| TASK DATA |
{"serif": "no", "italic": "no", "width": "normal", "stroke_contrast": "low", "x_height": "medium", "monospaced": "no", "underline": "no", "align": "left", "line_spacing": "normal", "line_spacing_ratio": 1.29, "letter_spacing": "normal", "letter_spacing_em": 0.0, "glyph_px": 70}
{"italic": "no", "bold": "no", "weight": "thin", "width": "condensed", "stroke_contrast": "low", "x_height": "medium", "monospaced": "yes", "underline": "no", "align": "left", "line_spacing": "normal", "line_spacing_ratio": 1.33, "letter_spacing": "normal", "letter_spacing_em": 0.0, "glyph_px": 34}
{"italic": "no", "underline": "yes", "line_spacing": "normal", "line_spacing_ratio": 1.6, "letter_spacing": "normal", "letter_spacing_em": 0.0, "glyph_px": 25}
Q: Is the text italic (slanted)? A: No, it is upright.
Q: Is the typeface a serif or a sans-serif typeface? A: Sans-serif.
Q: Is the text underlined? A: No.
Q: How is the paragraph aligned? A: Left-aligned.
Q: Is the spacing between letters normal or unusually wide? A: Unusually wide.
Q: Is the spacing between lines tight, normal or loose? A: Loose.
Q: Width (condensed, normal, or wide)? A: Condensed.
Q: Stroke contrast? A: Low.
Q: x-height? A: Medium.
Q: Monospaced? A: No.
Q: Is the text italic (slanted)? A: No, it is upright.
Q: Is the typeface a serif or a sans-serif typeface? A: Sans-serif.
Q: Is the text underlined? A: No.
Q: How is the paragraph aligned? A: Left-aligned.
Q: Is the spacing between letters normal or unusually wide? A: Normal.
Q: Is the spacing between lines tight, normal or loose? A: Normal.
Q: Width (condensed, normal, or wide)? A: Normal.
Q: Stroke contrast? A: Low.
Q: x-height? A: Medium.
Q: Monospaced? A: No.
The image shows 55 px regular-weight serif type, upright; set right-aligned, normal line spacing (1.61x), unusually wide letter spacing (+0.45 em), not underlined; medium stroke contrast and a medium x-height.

| WHAT YOU NEED TO DO |
Repeat the data in its entirety, word for word.

| SOLUTION FOR THIS EXERCISE |
{"serif": "no", "italic": "no", "width": "normal", "stroke_contrast": "low", "x_height": "medium", "monospaced": "no", "underline": "no", "align": "left", "line_spacing": "normal", "line_spacing_ratio": 1.29, "letter_spacing": "normal", "letter_spacing_em": 0.0, "glyph_px": 70}
{"italic": "no", "bold": "no", "weight": "thin", "width": "condensed", "stroke_contrast": "low", "x_height": "medium", "monospaced": "yes", "underline": "no", "align": "left", "line_spacing": "normal", "line_spacing_ratio": 1.33, "letter_spacing": "normal", "letter_spacing_em": 0.0, "glyph_px": 34}
{"italic": "no", "underline": "yes", "line_spacing": "normal", "line_spacing_ratio": 1.6, "letter_spacing": "normal", "letter_spacing_em": 0.0, "glyph_px": 25}
Q: Is the text italic (slanted)? A: No, it is upright.
Q: Is the typeface a serif or a sans-serif typeface? A: Sans-serif.
Q: Is the text underlined? A: No.
Q: How is the paragraph aligned? A: Left-aligned.
Q: Is the spacing between letters normal or unusually wide? A: Unusually wide.
Q: Is the spacing between lines tight, normal or loose? A: Loose.
Q: Width (condensed, normal, or wide)? A: Condensed.
Q: Stroke contrast? A: Low.
Q: x-height? A: Medium.
Q: Monospaced? A: No.
Q: Is the text italic (slanted)? A: No, it is upright.
Q: Is the typeface a serif or a sans-serif typeface? A: Sans-serif.
Q: Is the text underlined? A: No.
Q: How is the paragraph aligned? A: Left-aligned.
Q: Is the spacing between letters normal or unusually wide? A: Normal.
Q: Is the spacing between lines tight, normal or loose? A: Normal.
Q: Width (condensed, normal, or wide)? A: Normal.
Q: Stroke contrast? A: Low.
Q: x-height? A: Medium.
Q: Monospaced? A: No.
The image shows 55 px regular-weight serif type, upright; set right-aligned, normal line spacing (1.61x), unusually wide letter spacing (+0.45 em), not underlined; medium stroke contrast and a medium x-height.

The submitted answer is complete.